In [None]:
# Data Clean up

In [1]:
import pandas as pd
from sklearn.preprocessing import StandardScaler

# Load dataset
df = pd.read_csv("../data/raw/telco_churn.csv")

# Step 1: Drop Non-Predictive Columns

In [2]:
df.drop(columns=['customerID'], inplace=True)

# Step 2: Clean 'TotalCharges' values

In [3]:
df['TotalCharges'] = pd.to_numeric(df['TotalCharges'], errors='coerce')
missing_count = df['TotalCharges'].isnull().sum()
print(f"Missing values in TotalCharges: {missing_count}")
df.dropna(subset=['TotalCharges'], inplace=True)
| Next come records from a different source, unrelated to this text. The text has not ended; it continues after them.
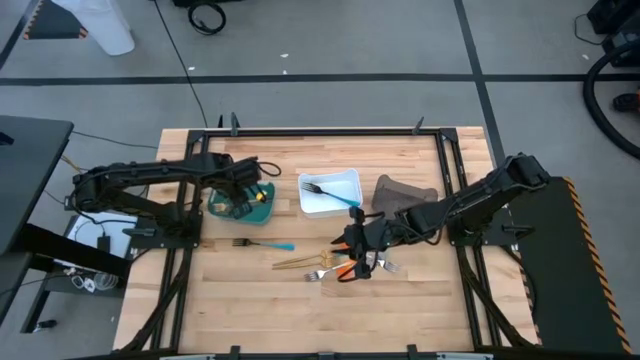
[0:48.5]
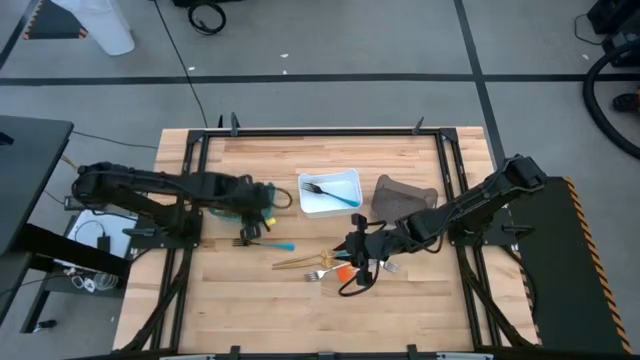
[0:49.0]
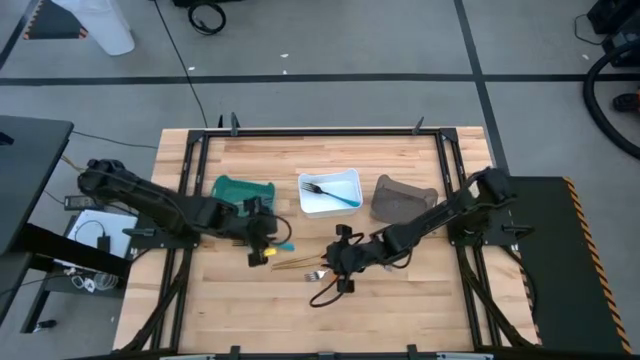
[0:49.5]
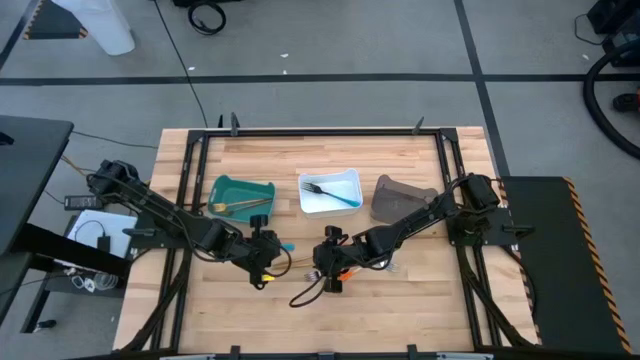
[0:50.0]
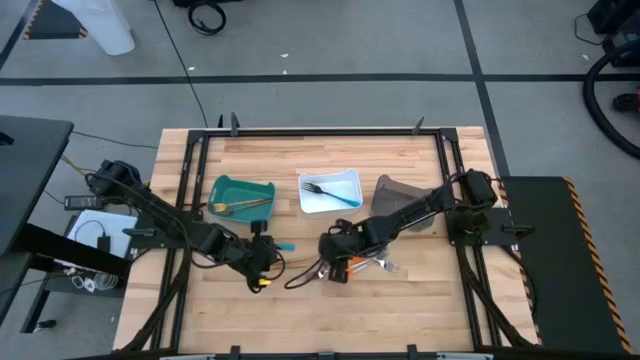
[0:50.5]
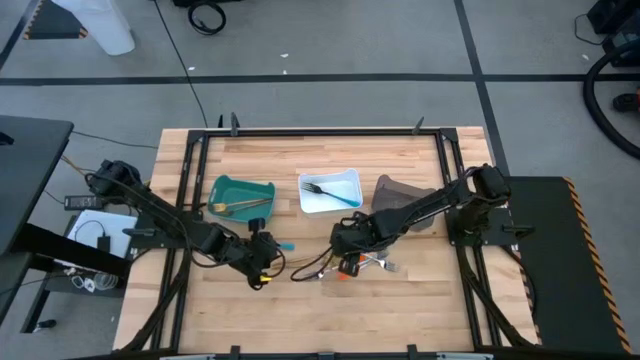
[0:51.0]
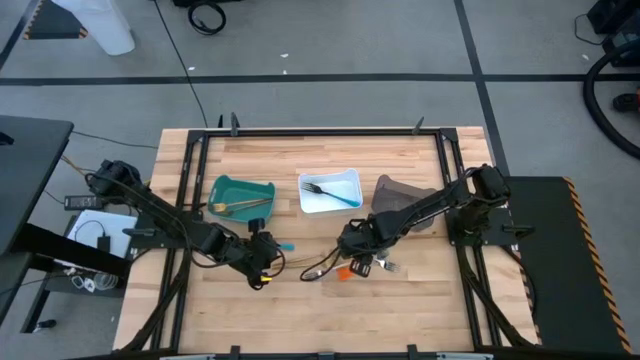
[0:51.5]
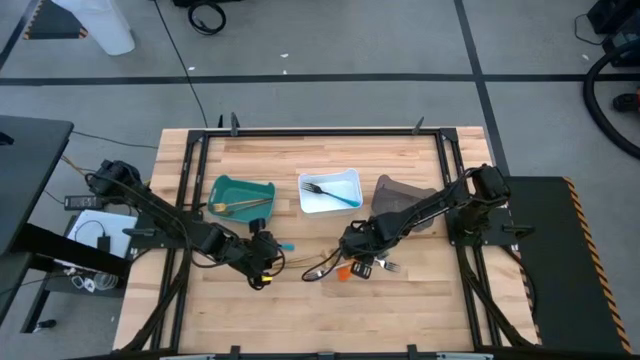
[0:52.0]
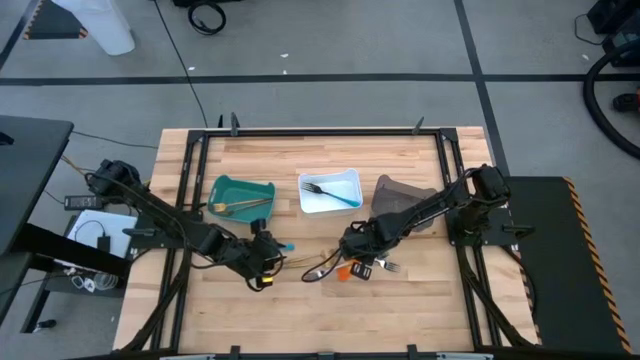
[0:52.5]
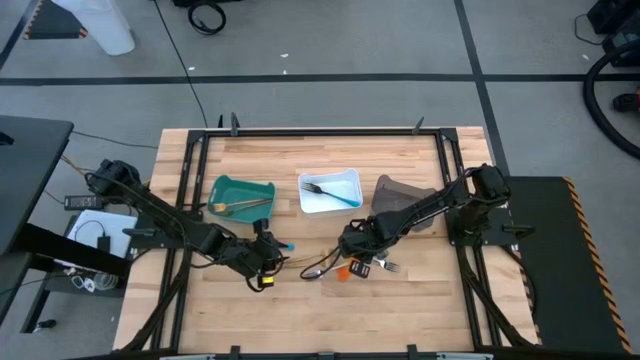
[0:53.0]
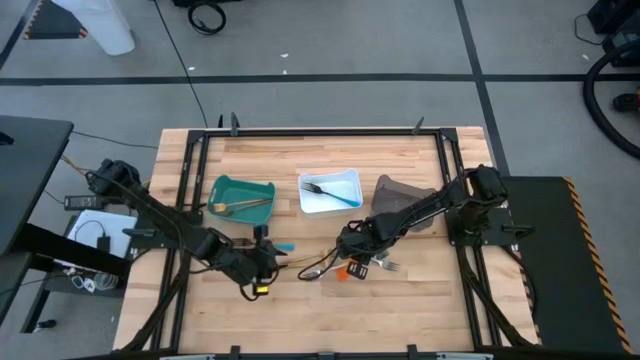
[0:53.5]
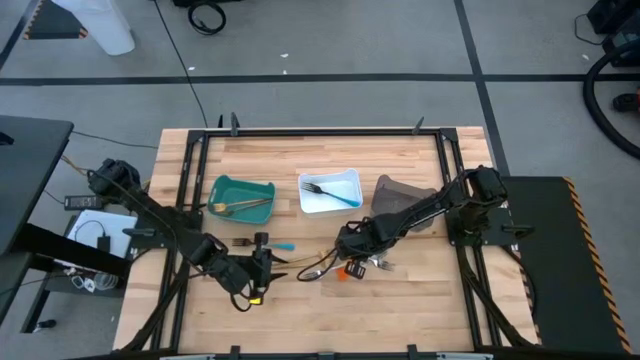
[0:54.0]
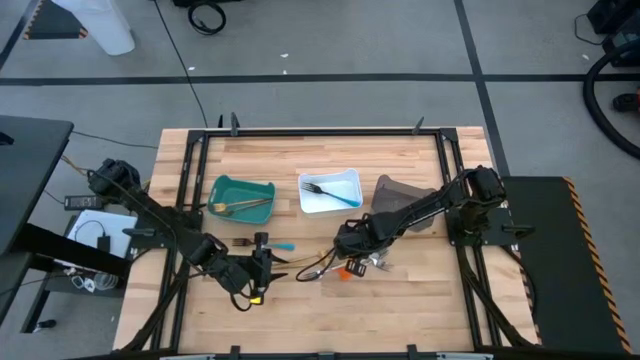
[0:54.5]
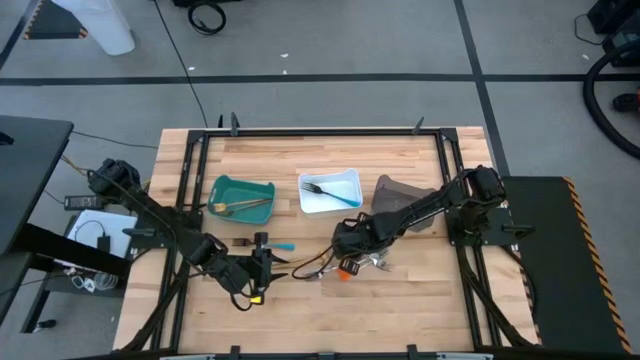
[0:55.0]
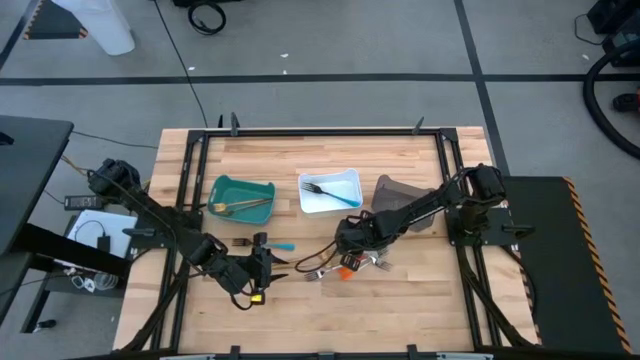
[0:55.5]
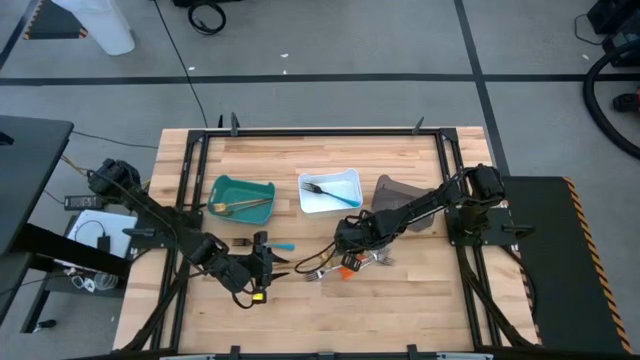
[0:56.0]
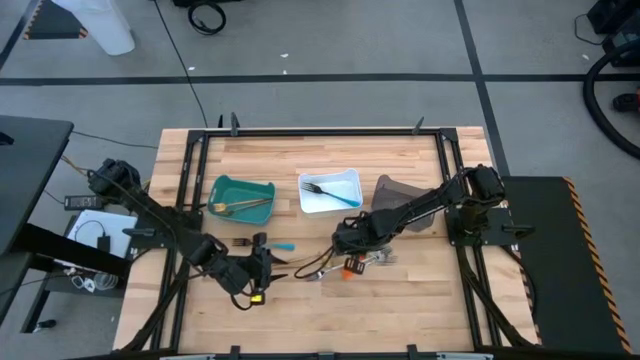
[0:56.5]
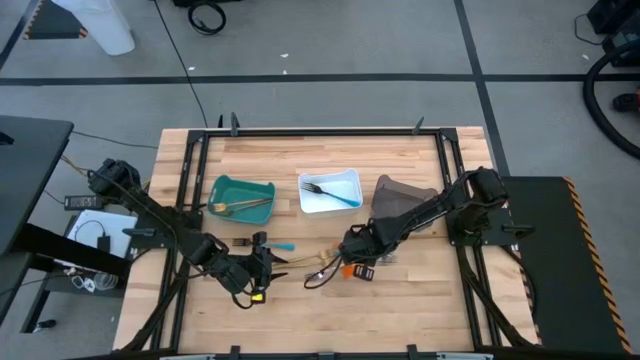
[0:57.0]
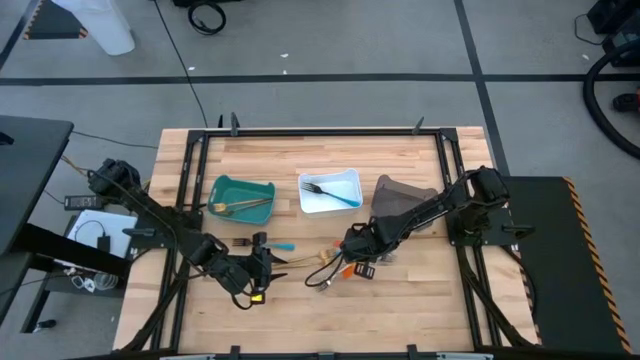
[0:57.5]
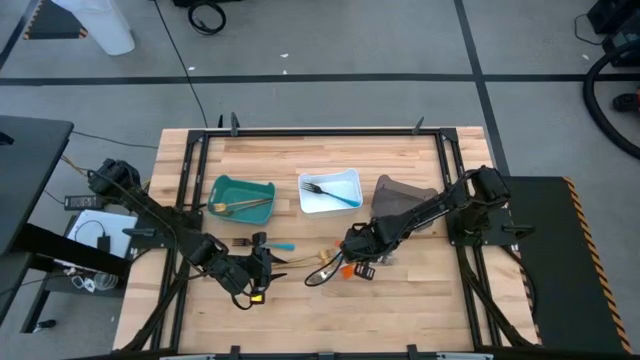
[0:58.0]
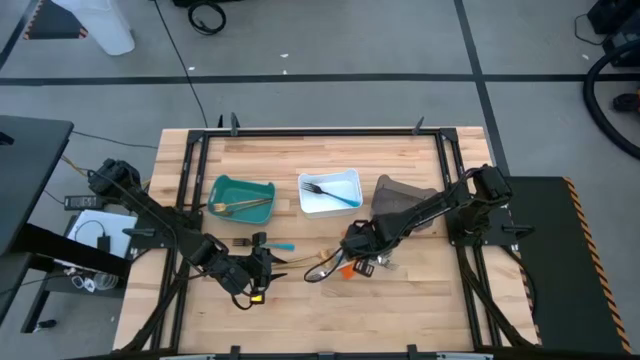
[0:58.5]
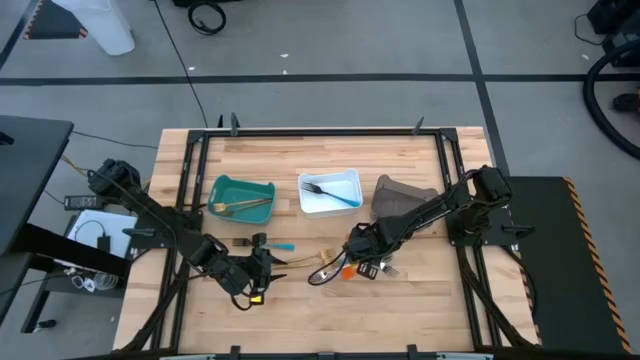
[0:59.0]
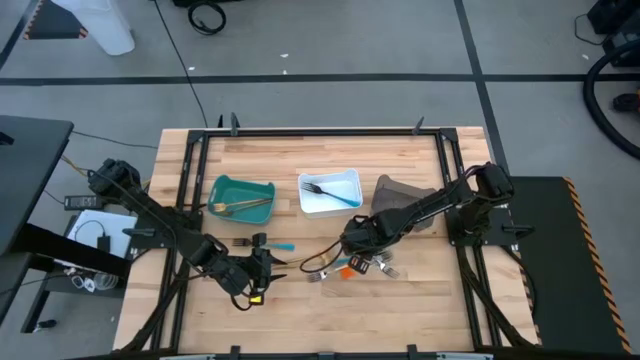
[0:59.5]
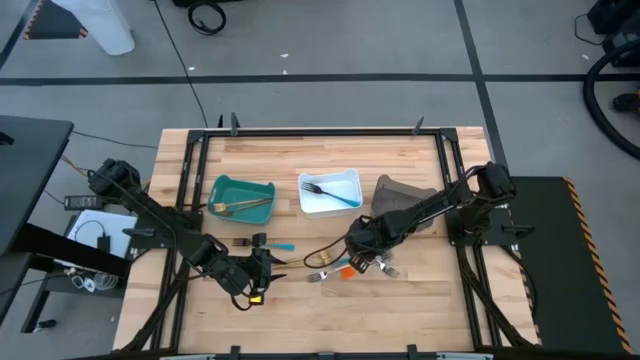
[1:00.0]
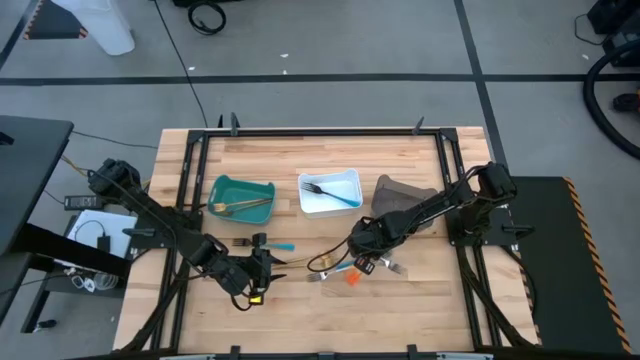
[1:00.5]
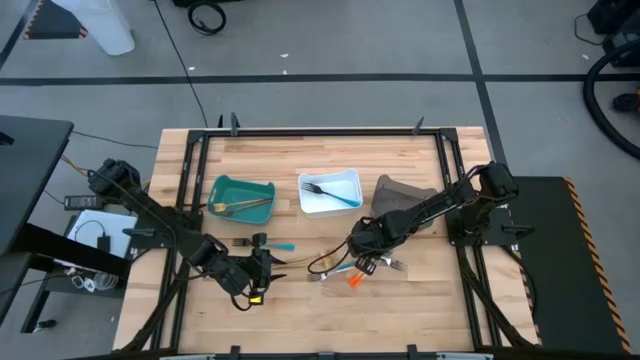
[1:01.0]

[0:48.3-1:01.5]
Task: Sort silverware by color (type)
Put the orange fork into the black bin

Missing values in TotalCharges: 11


# Step 3: Encode Target Variable (Churn)

In [4]:
df['Churn'] = df['Churn'].map({'Yes': 1, 'No': 0})

# Step 4: One-Hot Encode Categorical Features

In [6]:
categorical_cols = df.select_dtypes(include='object').columns.tolist()
df = pd.get_dummies(df, columns=categorical_cols, drop_first=True)
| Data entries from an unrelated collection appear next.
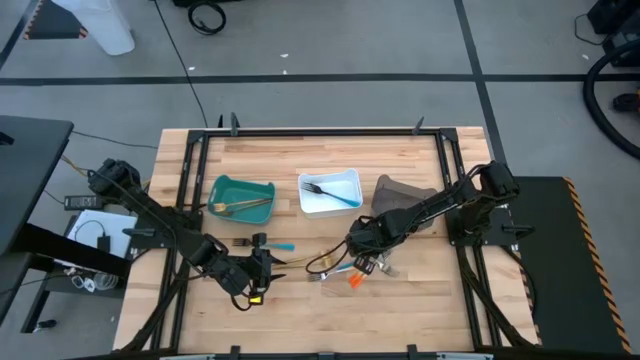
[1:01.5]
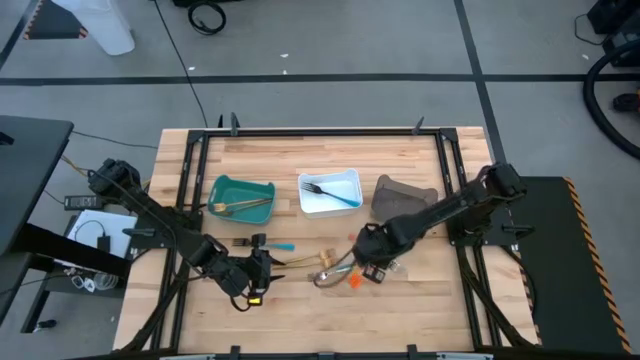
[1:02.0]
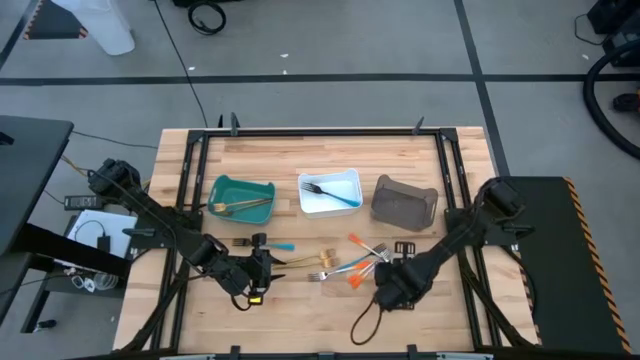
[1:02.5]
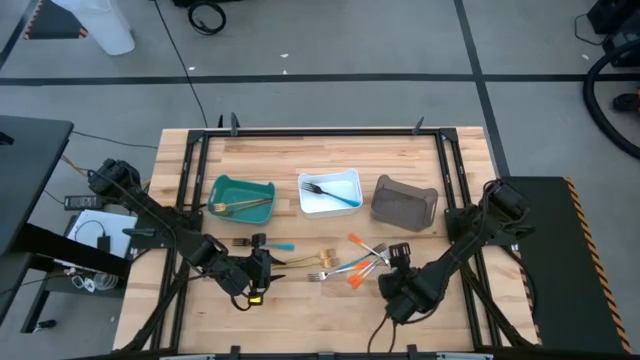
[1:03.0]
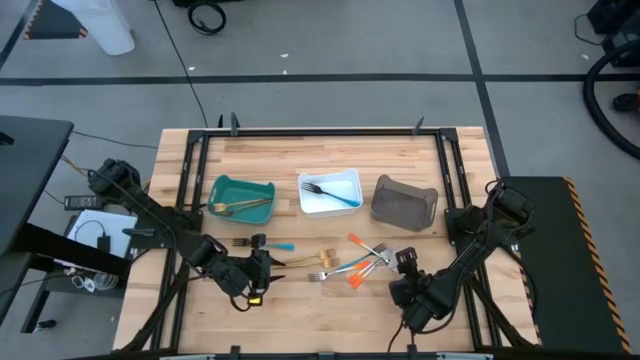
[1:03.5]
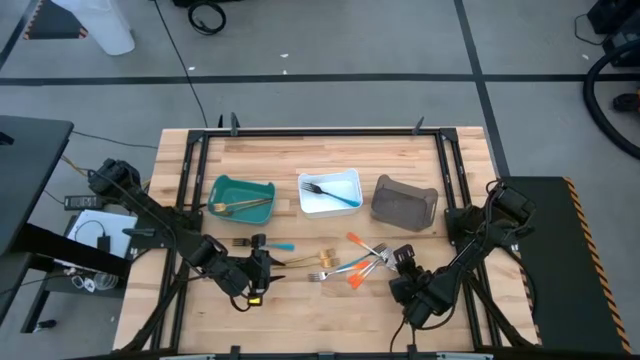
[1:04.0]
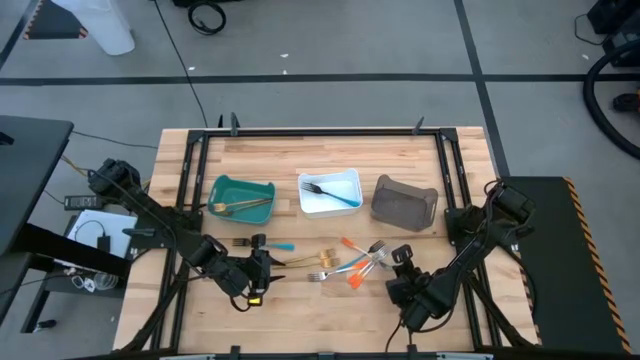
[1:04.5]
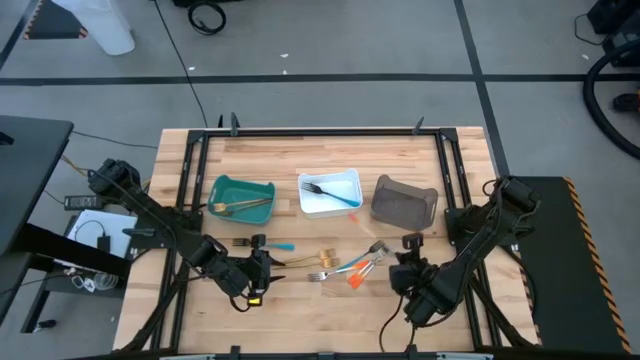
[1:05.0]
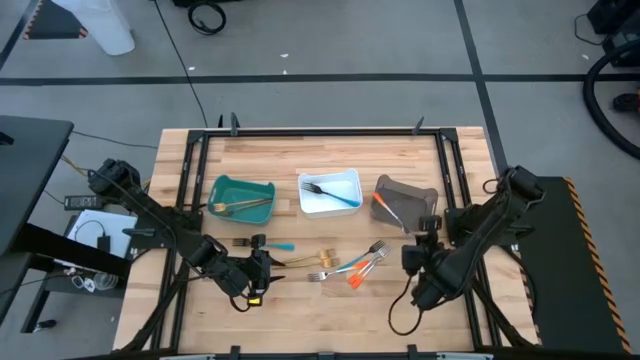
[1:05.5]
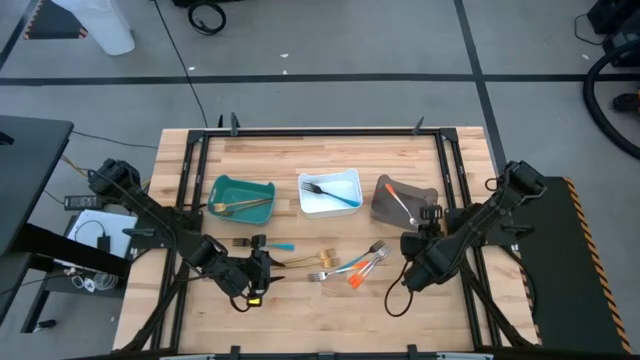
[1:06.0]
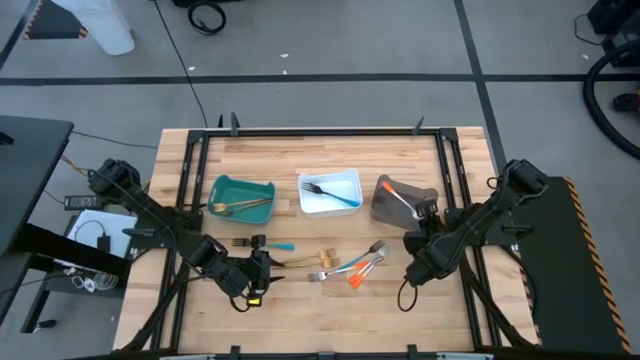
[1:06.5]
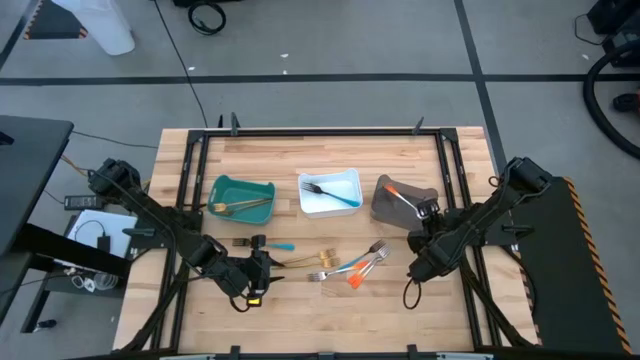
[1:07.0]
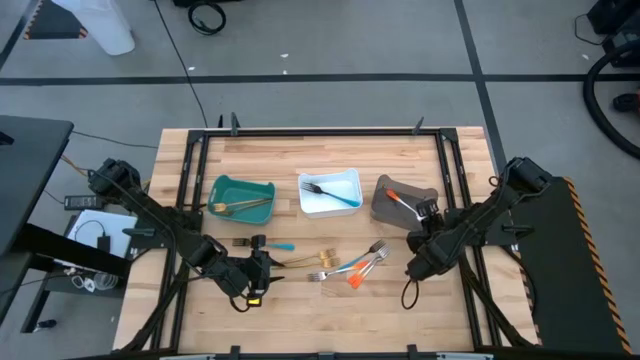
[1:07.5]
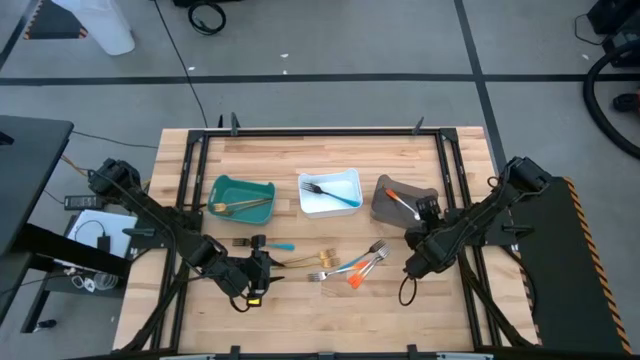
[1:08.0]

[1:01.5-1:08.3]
Put the orange fork into the black bin

# Step 5: Scale Numerical Features

In [7]:
scaler = StandardScaler()
numerical_cols = ['tenure', 'MonthlyCharges', 'TotalCharges']
df[numerical_cols] = scaler.fit_transform(df[numerical_cols])

# Step 6: Save Cleaned Data

In [8]:
df.to_csv("../data/processed/clean_telco.csv", index=False)
print("Saved cleaned dataset to ../data/processed/clean_telco.csv")

Saved cleaned dataset to ../data/processed/clean_telco.csv